**REQUIREMENT**
A verbatim transcription of every record below is required.

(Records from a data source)
+ + + +

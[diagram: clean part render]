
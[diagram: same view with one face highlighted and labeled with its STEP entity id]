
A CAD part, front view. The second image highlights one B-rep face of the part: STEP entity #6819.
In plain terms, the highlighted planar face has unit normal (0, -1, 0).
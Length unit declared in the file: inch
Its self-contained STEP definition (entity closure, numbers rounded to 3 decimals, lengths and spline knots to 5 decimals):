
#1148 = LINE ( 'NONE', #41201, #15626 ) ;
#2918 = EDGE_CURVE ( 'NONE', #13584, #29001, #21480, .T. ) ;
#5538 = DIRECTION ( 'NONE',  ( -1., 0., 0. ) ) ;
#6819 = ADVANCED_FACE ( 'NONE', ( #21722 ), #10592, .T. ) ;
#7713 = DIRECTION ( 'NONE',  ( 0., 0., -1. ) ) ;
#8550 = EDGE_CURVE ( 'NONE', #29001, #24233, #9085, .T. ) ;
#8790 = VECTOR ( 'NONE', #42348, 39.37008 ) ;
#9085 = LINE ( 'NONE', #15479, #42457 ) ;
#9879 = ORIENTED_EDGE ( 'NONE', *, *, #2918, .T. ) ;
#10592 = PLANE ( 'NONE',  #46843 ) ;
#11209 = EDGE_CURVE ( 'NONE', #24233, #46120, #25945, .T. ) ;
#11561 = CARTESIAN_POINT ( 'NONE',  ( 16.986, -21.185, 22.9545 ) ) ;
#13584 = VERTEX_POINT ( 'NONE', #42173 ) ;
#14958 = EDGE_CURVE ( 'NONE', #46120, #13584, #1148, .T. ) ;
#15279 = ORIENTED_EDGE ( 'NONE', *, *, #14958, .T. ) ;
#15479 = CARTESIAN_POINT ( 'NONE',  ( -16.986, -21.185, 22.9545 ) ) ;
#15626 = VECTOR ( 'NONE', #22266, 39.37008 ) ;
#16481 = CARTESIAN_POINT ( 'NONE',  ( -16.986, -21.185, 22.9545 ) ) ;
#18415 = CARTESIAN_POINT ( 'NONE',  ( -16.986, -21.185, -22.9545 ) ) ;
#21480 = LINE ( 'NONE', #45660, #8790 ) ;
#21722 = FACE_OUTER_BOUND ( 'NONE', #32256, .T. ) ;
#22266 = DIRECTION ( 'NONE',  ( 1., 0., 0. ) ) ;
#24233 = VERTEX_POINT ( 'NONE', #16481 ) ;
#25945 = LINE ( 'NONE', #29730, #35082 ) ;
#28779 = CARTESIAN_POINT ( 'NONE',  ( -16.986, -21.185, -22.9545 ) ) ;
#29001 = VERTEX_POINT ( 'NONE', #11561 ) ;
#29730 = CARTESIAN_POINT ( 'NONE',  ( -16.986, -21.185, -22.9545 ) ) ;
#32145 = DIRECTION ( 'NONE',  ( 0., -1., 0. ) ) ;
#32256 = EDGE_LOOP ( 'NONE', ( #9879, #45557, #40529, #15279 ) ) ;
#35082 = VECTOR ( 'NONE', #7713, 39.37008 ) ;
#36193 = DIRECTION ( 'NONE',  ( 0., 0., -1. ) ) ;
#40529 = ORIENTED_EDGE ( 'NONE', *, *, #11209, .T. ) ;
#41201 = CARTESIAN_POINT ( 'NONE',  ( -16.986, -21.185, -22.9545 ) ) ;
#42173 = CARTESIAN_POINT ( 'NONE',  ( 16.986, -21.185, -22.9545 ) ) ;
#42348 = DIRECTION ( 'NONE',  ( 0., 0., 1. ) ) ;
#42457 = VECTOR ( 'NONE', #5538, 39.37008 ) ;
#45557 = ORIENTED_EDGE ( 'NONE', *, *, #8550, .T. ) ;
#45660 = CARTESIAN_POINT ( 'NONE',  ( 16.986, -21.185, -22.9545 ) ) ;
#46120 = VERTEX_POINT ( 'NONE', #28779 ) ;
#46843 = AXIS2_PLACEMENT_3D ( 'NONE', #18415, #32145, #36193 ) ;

+ + + +

**REPLY TO THE TASK**
[diagram: clean part render]
[diagram: same view with one face highlighted and labeled with its STEP entity id]
A CAD part, front view. The second image highlights one B-rep face of the part: STEP entity #6819.
In plain terms, the highlighted planar face has unit normal (0, -1, 0).
Length unit declared in the file: inch
Its self-contained STEP definition (entity closure, numbers rounded to 3 decimals, lengths and spline knots to 5 decimals):
#1148 = LINE ( 'NONE', #41201, #15626 ) ;
#2918 = EDGE_CURVE ( 'NONE', #13584, #29001, #21480, .T. ) ;
#5538 = DIRECTION ( 'NONE',  ( -1., 0., 0. ) ) ;
#6819 = ADVANCED_FACE ( 'NONE', ( #21722 ), #10592, .T. ) ;
#7713 = DIRECTION ( 'NONE',  ( 0., 0., -1. ) ) ;
#8550 = EDGE_CURVE ( 'NONE', #29001, #24233, #9085, .T. ) ;
#8790 = VECTOR ( 'NONE', #42348, 39.37008 ) ;
#9085 = LINE ( 'NONE', #15479, #42457 ) ;
#9879 = ORIENTED_EDGE ( 'NONE', *, *, #2918, .T. ) ;
#10592 = PLANE ( 'NONE',  #46843 ) ;
#11209 = EDGE_CURVE ( 'NONE', #24233, #46120, #25945, .T. ) ;
#11561 = CARTESIAN_POINT ( 'NONE',  ( 16.986, -21.185, 22.9545 ) ) ;
#13584 = VERTEX_POINT ( 'NONE', #42173 ) ;
#14958 = EDGE_CURVE ( 'NONE', #46120, #13584, #1148, .T. ) ;
#15279 = ORIENTED_EDGE ( 'NONE', *, *, #14958, .T. ) ;
#15479 = CARTESIAN_POINT ( 'NONE',  ( -16.986, -21.185, 22.9545 ) ) ;
#15626 = VECTOR ( 'NONE', #22266, 39.37008 ) ;
#16481 = CARTESIAN_POINT ( 'NONE',  ( -16.986, -21.185, 22.9545 ) ) ;
#18415 = CARTESIAN_POINT ( 'NONE',  ( -16.986, -21.185, -22.9545 ) ) ;
#21480 = LINE ( 'NONE', #45660, #8790 ) ;
#21722 = FACE_OUTER_BOUND ( 'NONE', #32256, .T. ) ;
#22266 = DIRECTION ( 'NONE',  ( 1., 0., 0. ) ) ;
#24233 = VERTEX_POINT ( 'NONE', #16481 ) ;
#25945 = LINE ( 'NONE', #29730, #35082 ) ;
#28779 = CARTESIAN_POINT ( 'NONE',  ( -16.986, -21.185, -22.9545 ) ) ;
#29001 = VERTEX_POINT ( 'NONE', #11561 ) ;
#29730 = CARTESIAN_POINT ( 'NONE',  ( -16.986, -21.185, -22.9545 ) ) ;
#32145 = DIRECTION ( 'NONE',  ( 0., -1., 0. ) ) ;
#32256 = EDGE_LOOP ( 'NONE', ( #9879, #45557, #40529, #15279 ) ) ;
#35082 = VECTOR ( 'NONE', #7713, 39.37008 ) ;
#36193 = DIRECTION ( 'NONE',  ( 0., 0., -1. ) ) ;
#40529 = ORIENTED_EDGE ( 'NONE', *, *, #11209, .T. ) ;
#41201 = CARTESIAN_POINT ( 'NONE',  ( -16.986, -21.185, -22.9545 ) ) ;
#42173 = CARTESIAN_POINT ( 'NONE',  ( 16.986, -21.185, -22.9545 ) ) ;
#42348 = DIRECTION ( 'NONE',  ( 0., 0., 1. ) ) ;
#42457 = VECTOR ( 'NONE', #5538, 39.37008 ) ;
#45557 = ORIENTED_EDGE ( 'NONE', *, *, #8550, .T. ) ;
#45660 = CARTESIAN_POINT ( 'NONE',  ( 16.986, -21.185, -22.9545 ) ) ;
#46120 = VERTEX_POINT ( 'NONE', #28779 ) ;
#46843 = AXIS2_PLACEMENT_3D ( 'NONE', #18415, #32145, #36193 ) ;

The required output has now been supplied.